Stored items >>

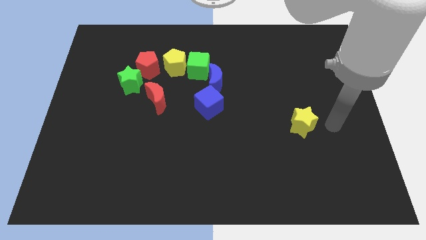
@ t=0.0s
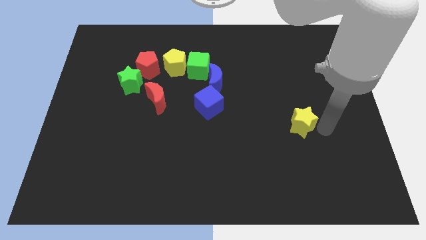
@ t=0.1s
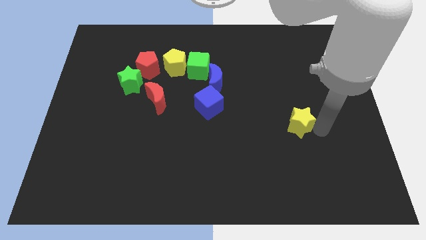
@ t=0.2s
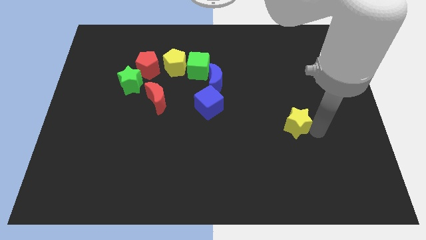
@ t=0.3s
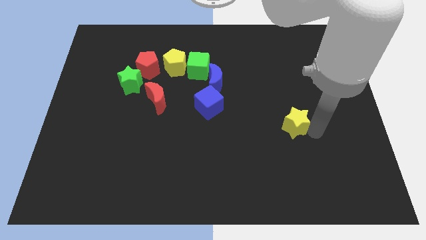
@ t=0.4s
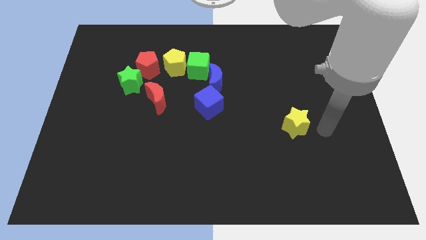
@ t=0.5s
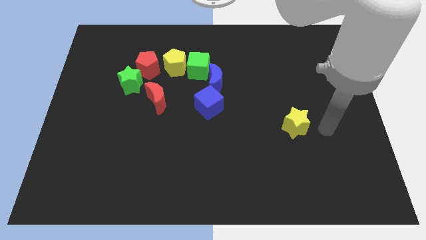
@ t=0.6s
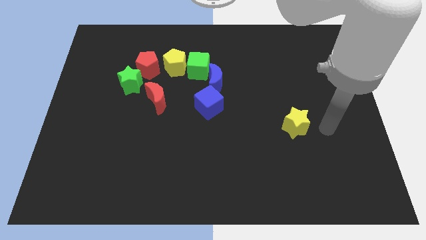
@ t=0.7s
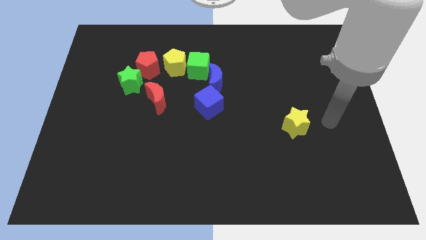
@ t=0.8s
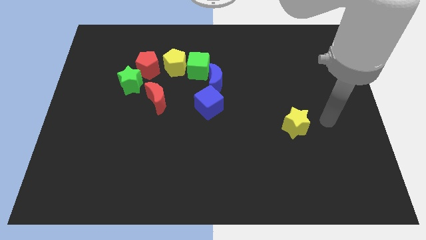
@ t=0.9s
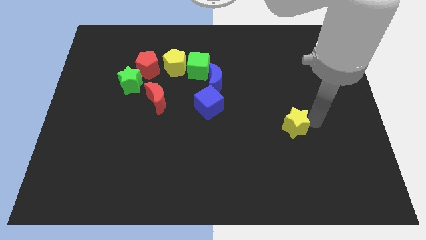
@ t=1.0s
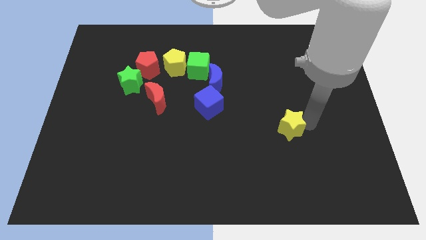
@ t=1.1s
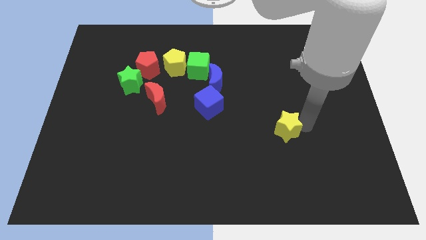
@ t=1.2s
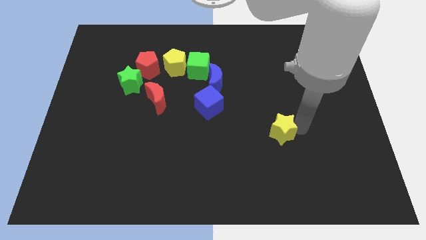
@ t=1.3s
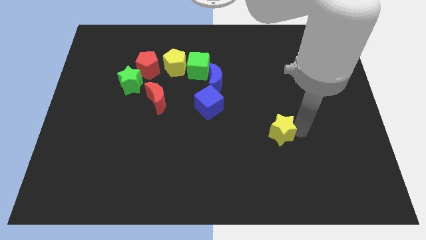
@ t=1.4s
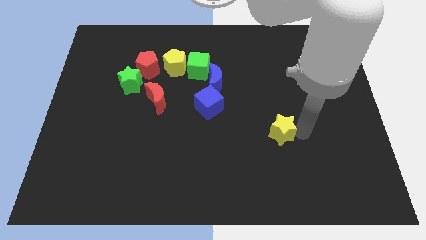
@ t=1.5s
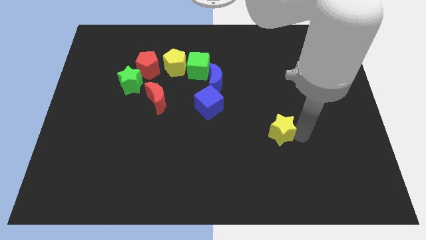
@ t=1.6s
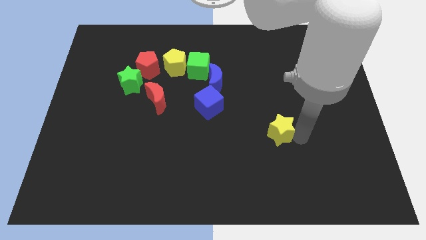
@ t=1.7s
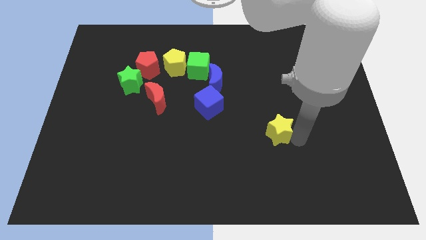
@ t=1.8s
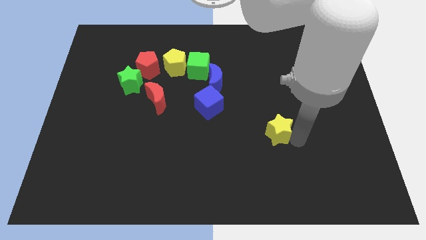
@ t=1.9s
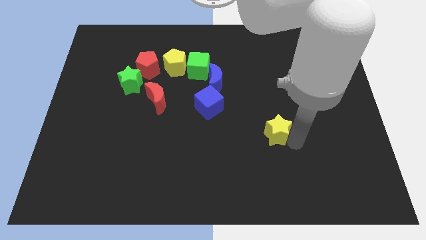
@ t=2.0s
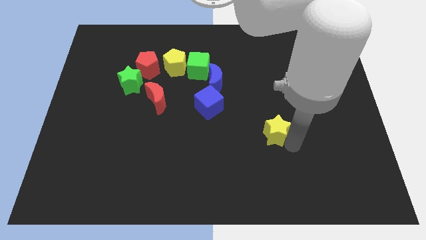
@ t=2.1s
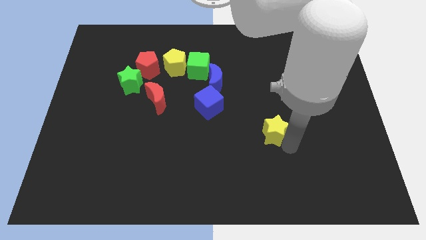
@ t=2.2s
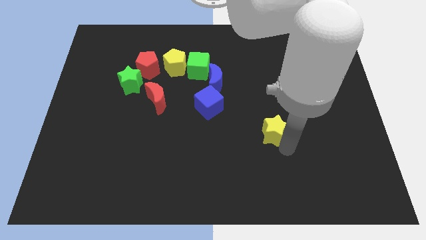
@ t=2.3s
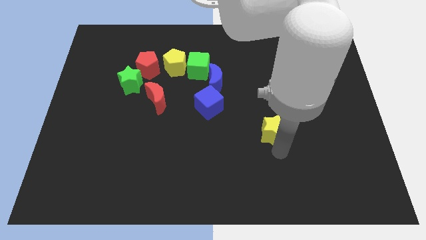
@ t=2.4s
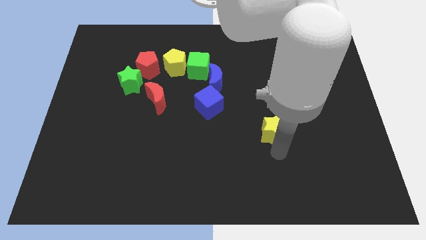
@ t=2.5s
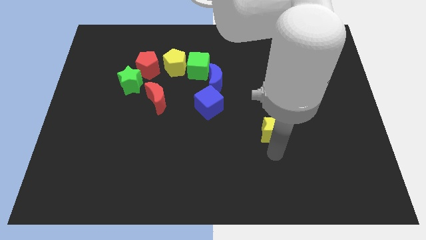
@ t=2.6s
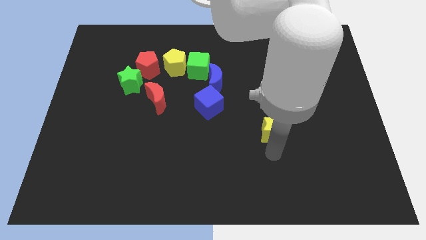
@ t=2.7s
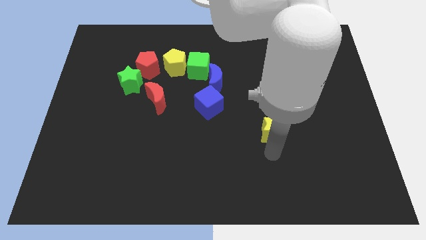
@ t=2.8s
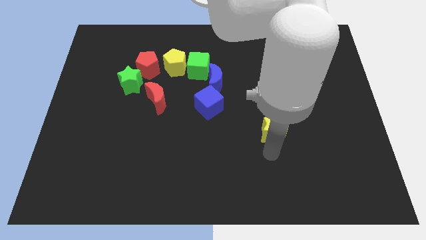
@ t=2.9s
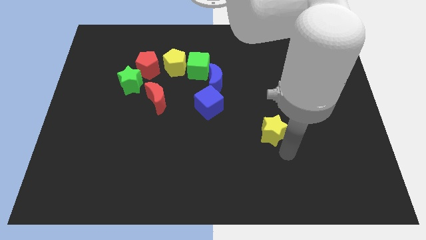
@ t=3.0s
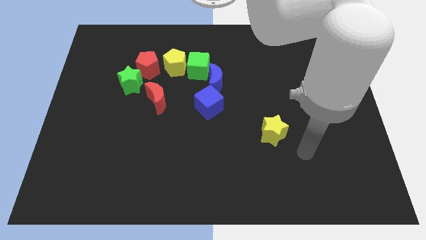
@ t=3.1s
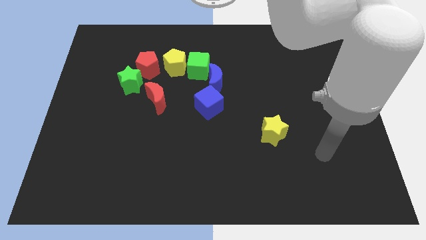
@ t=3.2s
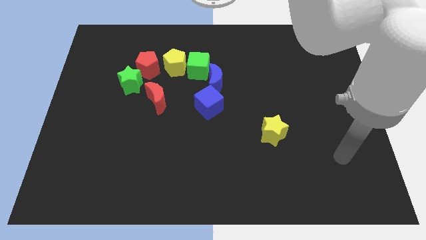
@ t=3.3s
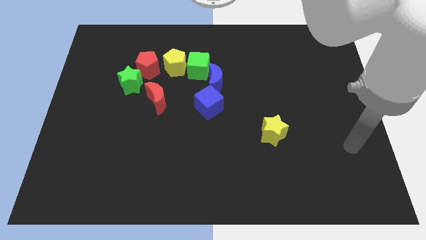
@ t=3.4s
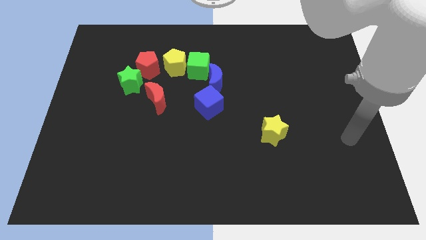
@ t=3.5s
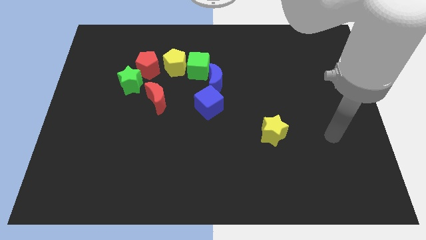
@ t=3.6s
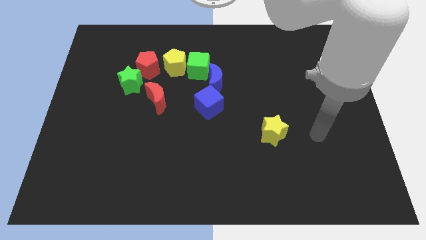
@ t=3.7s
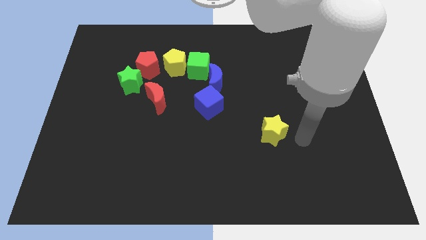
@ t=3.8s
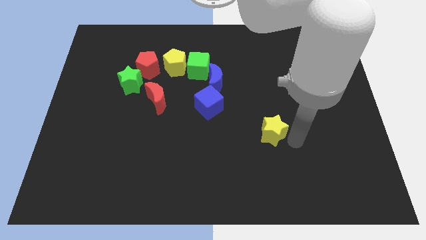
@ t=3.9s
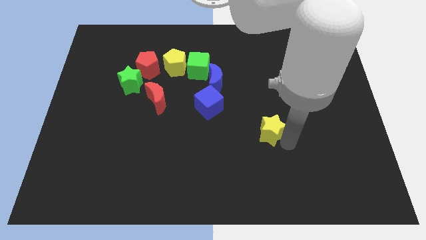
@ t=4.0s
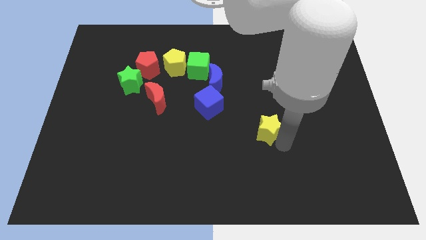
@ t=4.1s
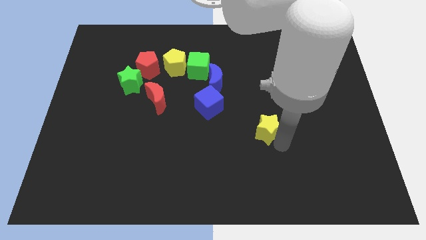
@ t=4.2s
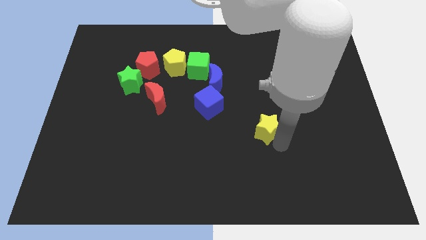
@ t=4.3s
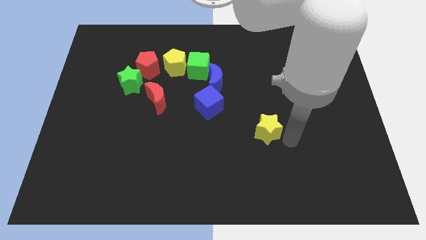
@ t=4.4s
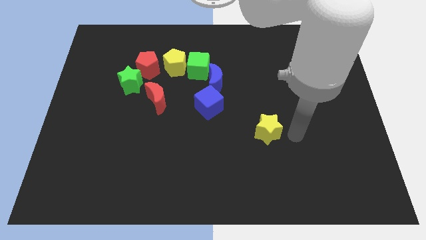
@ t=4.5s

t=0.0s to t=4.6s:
slightly move the yellow star to the left side of the board

Aim of the task >>
From the first line to the last, repeat the records exactly, leaving out the pictures.

Solution to this problem >>
@ t=0.0s
@ t=0.1s
@ t=0.2s
@ t=0.3s
@ t=0.4s
@ t=0.5s
@ t=0.6s
@ t=0.7s
@ t=0.8s
@ t=0.9s
@ t=1.0s
@ t=1.1s
@ t=1.2s
@ t=1.3s
@ t=1.4s
@ t=1.5s
@ t=1.6s
@ t=1.7s
@ t=1.8s
@ t=1.9s
@ t=2.0s
@ t=2.1s
@ t=2.2s
@ t=2.3s
@ t=2.4s
@ t=2.5s
@ t=2.6s
@ t=2.7s
@ t=2.8s
@ t=2.9s
@ t=3.0s
@ t=3.1s
@ t=3.2s
@ t=3.3s
@ t=3.4s
@ t=3.5s
@ t=3.6s
@ t=3.7s
@ t=3.8s
@ t=3.9s
@ t=4.0s
@ t=4.1s
@ t=4.2s
@ t=4.3s
@ t=4.4s
@ t=4.5s

t=0.0s to t=4.6s:
slightly move the yellow star to the left side of the board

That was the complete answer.